Back to README | See also: Architecture | Getting Started | Inference | Comparison
hex presents system state through 4 progressive disclosure layers (ADR-2604131500), so developers get the right level of detail without information overload:
| Layer | Surface | What You See |
|---|---|---|
| Pulse | Statusline / glance | One-line health: `hex: A+ 100/100 |
| Brief | hex brief |
Structured summary — architecture score, active swarms, recent completions |
| Console | hex status / dashboard |
Full detail — every agent, task, inference call, boundary violation |
| Override | hex steer / hex override |
Emergency controls — pause swarms, kill agents, force-escalate tiers |
Trust delegation lets hex make decisions autonomously within bounds you set. Configure how much latitude agents get — from "ask me everything" to "handle T1/T2 autonomously, notify me on T3." The taste graph learns your preferences (formatting, naming conventions, error handling style) and applies them to generated code without explicit instructions.
hex trust show # Current delegation level
hex trust set autonomous # Let hex handle routine work
hex taste set error_style=thiserror # Prefer thiserror over anyhow
hex pulse # One-glance system health
hex brief # Structured status summaryThe workplan executor classifies every task and routes it through the optimal dispatch path:
hex plan execute workplan.json
|
+- Path C (T1/T2/T2.5) --- headless inference --> Ollama (local or remote)

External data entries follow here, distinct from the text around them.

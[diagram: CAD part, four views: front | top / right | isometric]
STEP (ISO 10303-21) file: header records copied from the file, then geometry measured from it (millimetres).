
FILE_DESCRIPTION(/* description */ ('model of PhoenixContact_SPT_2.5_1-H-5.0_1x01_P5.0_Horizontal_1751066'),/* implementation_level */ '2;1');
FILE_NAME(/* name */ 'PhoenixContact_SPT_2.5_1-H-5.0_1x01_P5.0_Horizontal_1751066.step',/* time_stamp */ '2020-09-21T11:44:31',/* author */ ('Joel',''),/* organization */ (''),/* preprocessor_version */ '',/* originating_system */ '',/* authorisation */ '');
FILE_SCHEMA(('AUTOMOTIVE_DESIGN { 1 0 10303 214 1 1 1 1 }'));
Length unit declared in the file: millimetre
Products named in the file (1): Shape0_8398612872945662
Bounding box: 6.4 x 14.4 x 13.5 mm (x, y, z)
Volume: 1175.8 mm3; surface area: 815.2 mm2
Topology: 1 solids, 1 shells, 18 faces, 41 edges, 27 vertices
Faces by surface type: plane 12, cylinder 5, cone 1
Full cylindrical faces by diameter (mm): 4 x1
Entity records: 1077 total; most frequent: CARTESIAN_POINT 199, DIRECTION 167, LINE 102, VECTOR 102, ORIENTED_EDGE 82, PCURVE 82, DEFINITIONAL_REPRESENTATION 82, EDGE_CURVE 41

| No agent process spawned. Direct inference + GBNF grammar + compile gate.
| Fastest path: typo fix in 2.3s, function generation in 10s.
|
+- Path A (T3 fallback) --- spawn hex-agent ----> local process with full tooling
| For multi-file features that need filesystem access, git, and tool use.
|
+- Path B (Claude Code) --- inference queue -----> Claude session dispatches
When running inside Claude Code, tasks queue for the outer session.
Path C is the breakthrough. It eliminates the agent spawning overhead for 70% of workplan tasks. Instead of forking a process, loading tools, and waiting for a shell — the executor sends the prompt directly to Ollama with a GBNF grammar constraint and gets compilable code back in seconds. The inference router picks the best available server automatically, whether it's localhost or a GPU box on your LAN.